Data excerpts
[Start of Attachment]

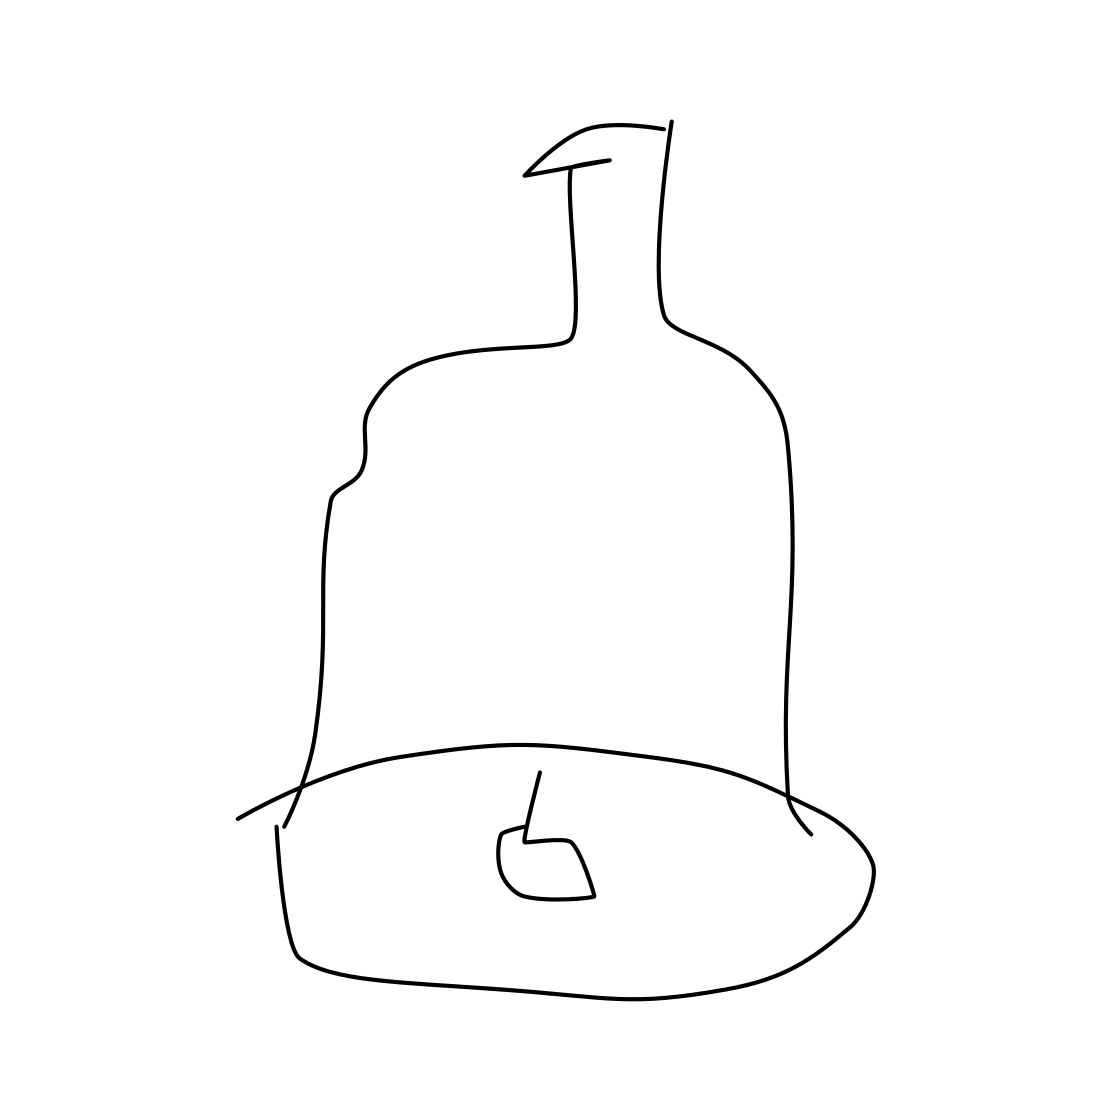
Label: bell
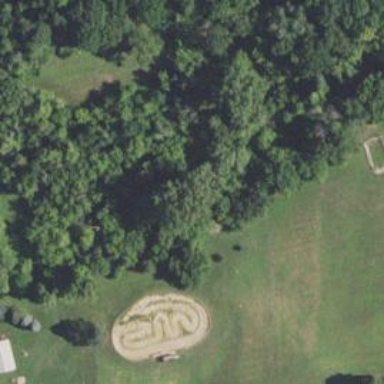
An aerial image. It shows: Disc golf hole.
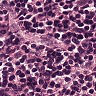
Metastatic tissue present: yes
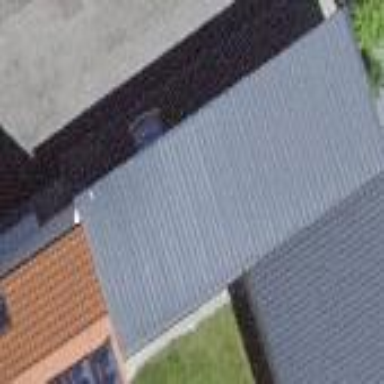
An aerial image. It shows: View of roof of building.
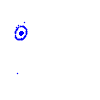
Particle: pion
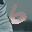
Label: 6
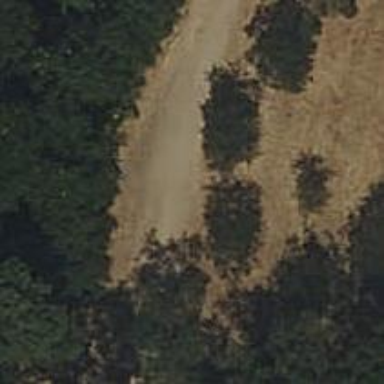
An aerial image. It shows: Dirt path.
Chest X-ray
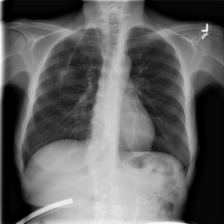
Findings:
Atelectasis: negative
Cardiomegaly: negative
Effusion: negative
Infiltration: negative
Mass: negative
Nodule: negative
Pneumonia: negative
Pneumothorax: negative
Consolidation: negative
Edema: negative
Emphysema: negative
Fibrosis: negative
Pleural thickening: negative
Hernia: negative
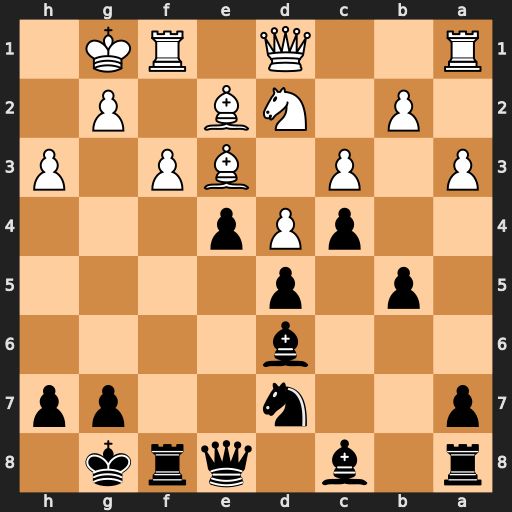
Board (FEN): r1b1qrk1/p2n2pp/3b4/1p1p4/2pPp3/P1P1BP1P/1P1NB1P1/R2Q1RK1
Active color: b
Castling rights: -
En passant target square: -
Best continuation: exf3 Rxf3 Rxf3 Bxf3 Qxe3+
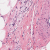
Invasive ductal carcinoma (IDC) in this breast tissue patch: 0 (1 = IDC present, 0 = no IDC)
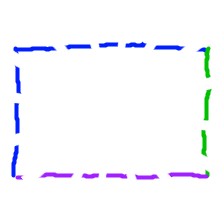
Shape: rectangle
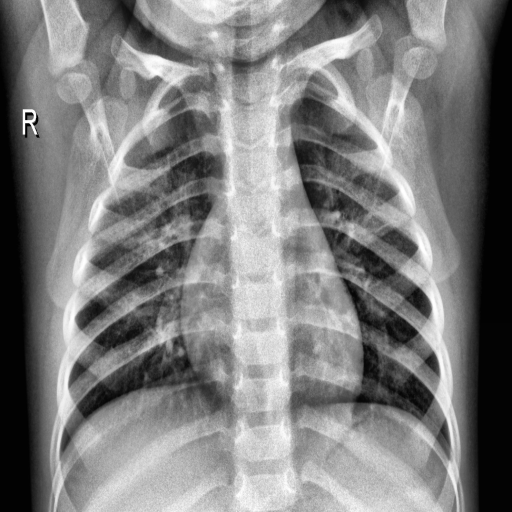
Finding: NORMAL
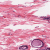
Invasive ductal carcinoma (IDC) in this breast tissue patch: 0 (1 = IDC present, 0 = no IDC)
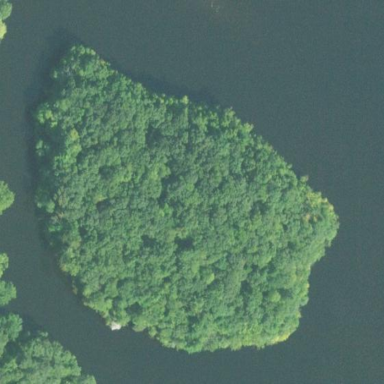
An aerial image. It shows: Islet in woodland nature reserve.
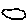
Label: cloud
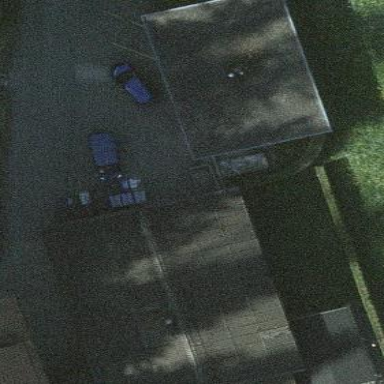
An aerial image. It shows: Warehouse.
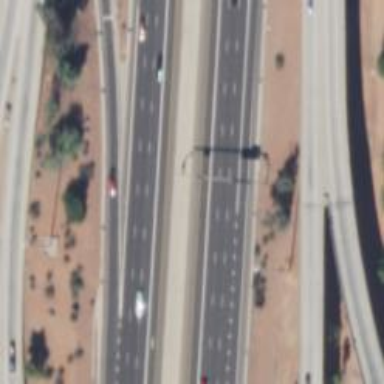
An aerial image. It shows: Asphalt motorway.
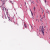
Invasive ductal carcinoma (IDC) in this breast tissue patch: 0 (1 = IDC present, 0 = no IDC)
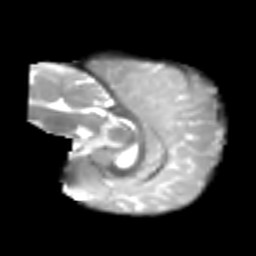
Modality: T2w
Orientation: sagittal
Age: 6
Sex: female
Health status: healthy
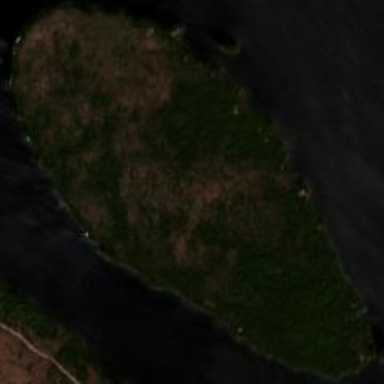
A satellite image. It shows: Island.
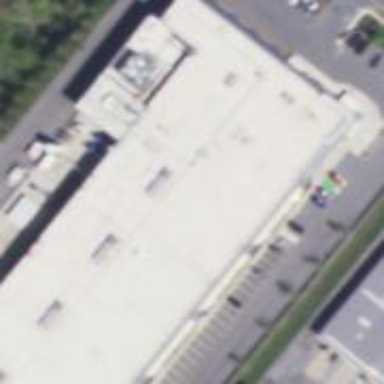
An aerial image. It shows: Commercial building.
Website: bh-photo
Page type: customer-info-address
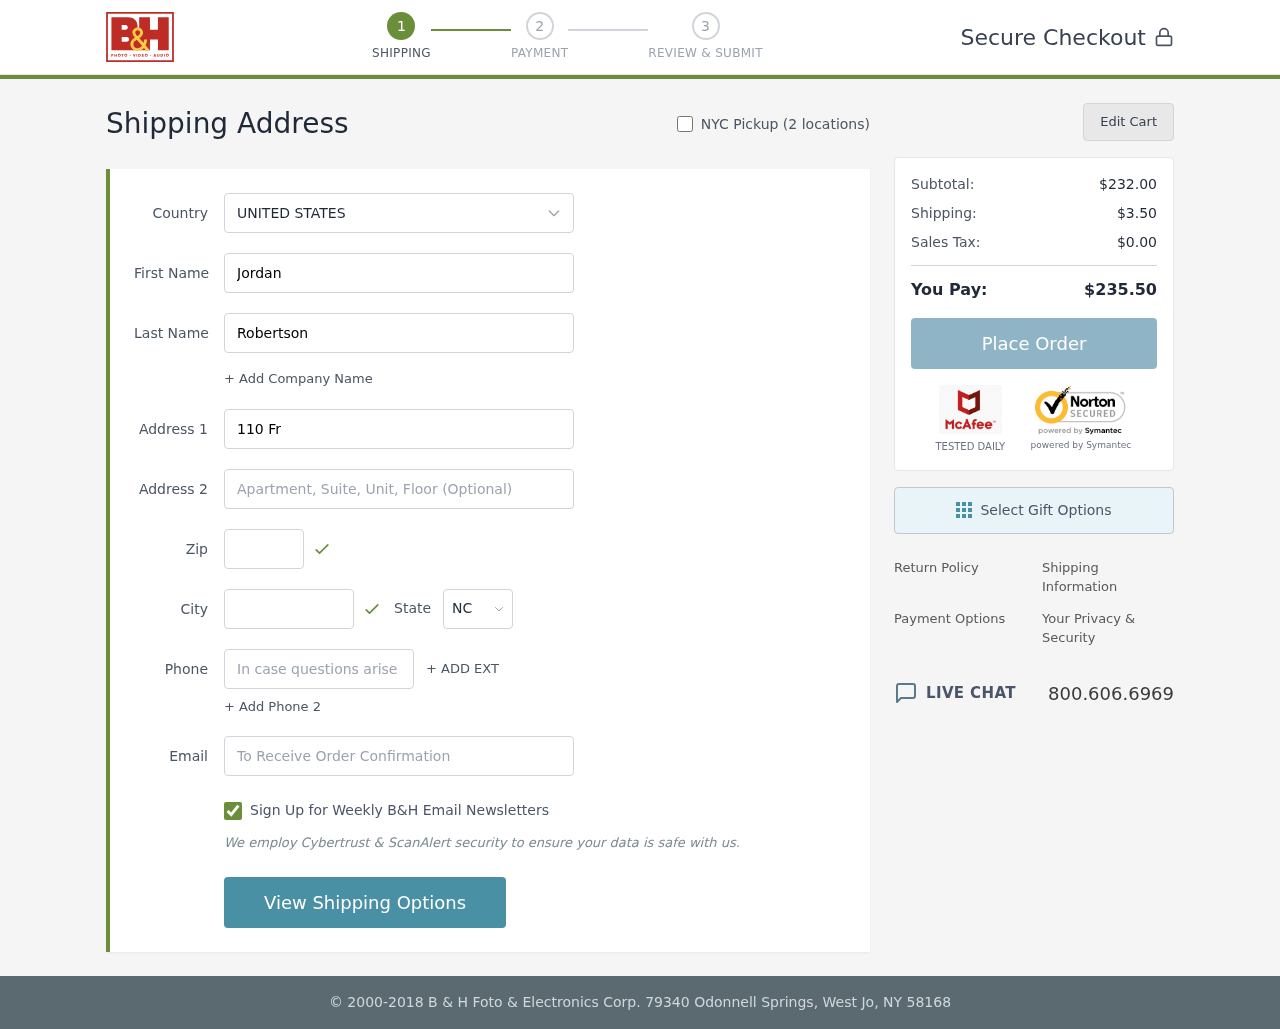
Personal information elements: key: PII_CITY
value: Arnoldshire
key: PII_COUNTRY
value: United States
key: PII_EMAIL
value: jordanrobertson@gmail.com
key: PII_FIRSTNAME
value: Jordan
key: PII_LASTNAME
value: Robertson
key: PII_PHONE
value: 7023868216
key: PII_POSTCODE
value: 51362
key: PII_STATE_ABBR
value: NC
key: PII_STREET
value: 110 Frank Passage
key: PII_STREET2
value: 0867 Watkins Heights Apt. 414
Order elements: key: ORDER_SUBTOTAL
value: $232.00
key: ORDER_SHIPPING_COST
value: $3.50
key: ORDER_TAX
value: $0.00
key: ORDER_TOTAL
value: $235.50
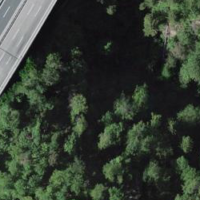
EUNIS habitat code: 44
Species observed at this site:
Allium ursinum
Cardamine heptaphylla
Polystichum aculeatum
Asplenium scolopendrium
Milvus milvus
Corvus frugilegus
Chrysosplenium alternifolium
Garrulus glandarius
Falco tinnunculus
Lamium galeobdolon
Columba palumbus
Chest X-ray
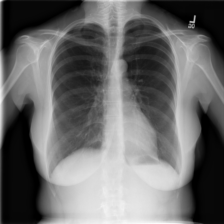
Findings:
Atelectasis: negative
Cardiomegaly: negative
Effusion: negative
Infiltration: negative
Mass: negative
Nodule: negative
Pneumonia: negative
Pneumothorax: negative
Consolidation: negative
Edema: negative
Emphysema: negative
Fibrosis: negative
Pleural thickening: negative
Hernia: negative
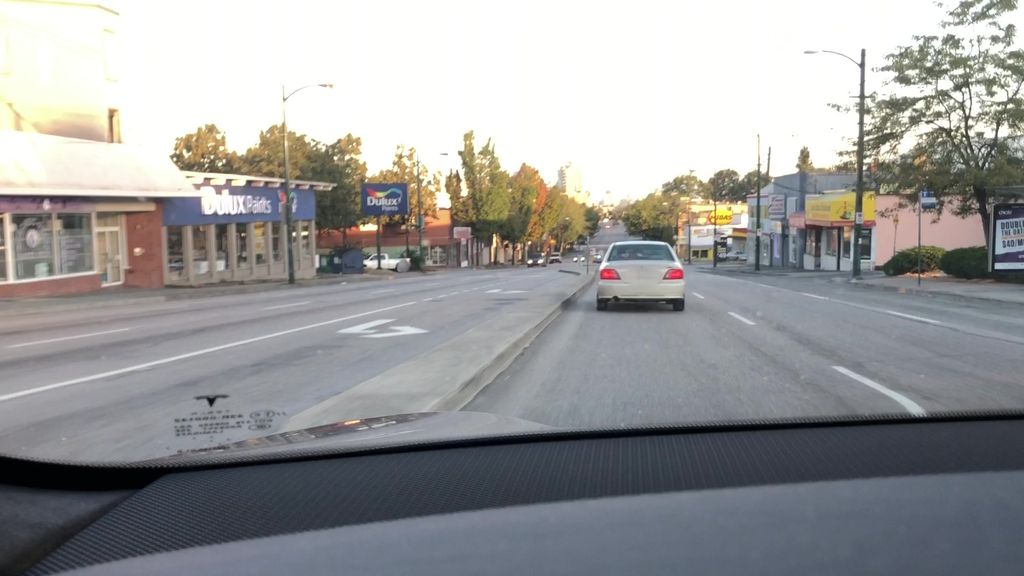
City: vancouver
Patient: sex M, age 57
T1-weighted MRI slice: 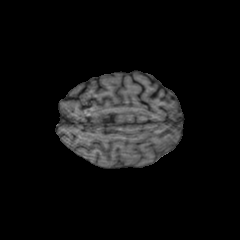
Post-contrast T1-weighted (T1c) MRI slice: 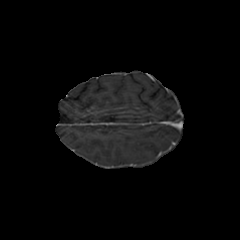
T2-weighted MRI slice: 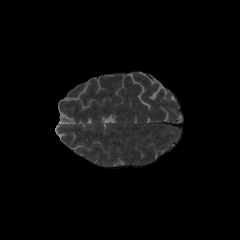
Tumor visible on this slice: no
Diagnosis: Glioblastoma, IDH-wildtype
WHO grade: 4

[End of Attachment]

The task
Everything from the line with "value: $235.50" through the end of the listing above, both ends included, should be set down exactly; copy nothing else, and skip the pictures.

Answer for the task
value: $235.50
EUNIS habitat code: 44
Species observed at this site:
Allium ursinum
Cardamine heptaphylla
Polystichum aculeatum
Asplenium scolopendrium
Milvus milvus
Corvus frugilegus
Chrysosplenium alternifolium
Garrulus glandarius
Falco tinnunculus
Lamium galeobdolon
Columba palumbus
Chest X-ray
Findings:
Atelectasis: negative
Cardiomegaly: negative
Effusion: negative
Infiltration: negative
Mass: negative
Nodule: negative
Pneumonia: negative
Pneumothorax: negative
Consolidation: negative
Edema: negative
Emphysema: negative
Fibrosis: negative
Pleural thickening: negative
Hernia: negative
City: vancouver
Patient: sex M, age 57
T1-weighted MRI slice: 
Post-contrast T1-weighted (T1c) MRI slice: 
T2-weighted MRI slice: 
Tumor visible on this slice: no
Diagnosis: Glioblastoma, IDH-wildtype
WHO grade: 4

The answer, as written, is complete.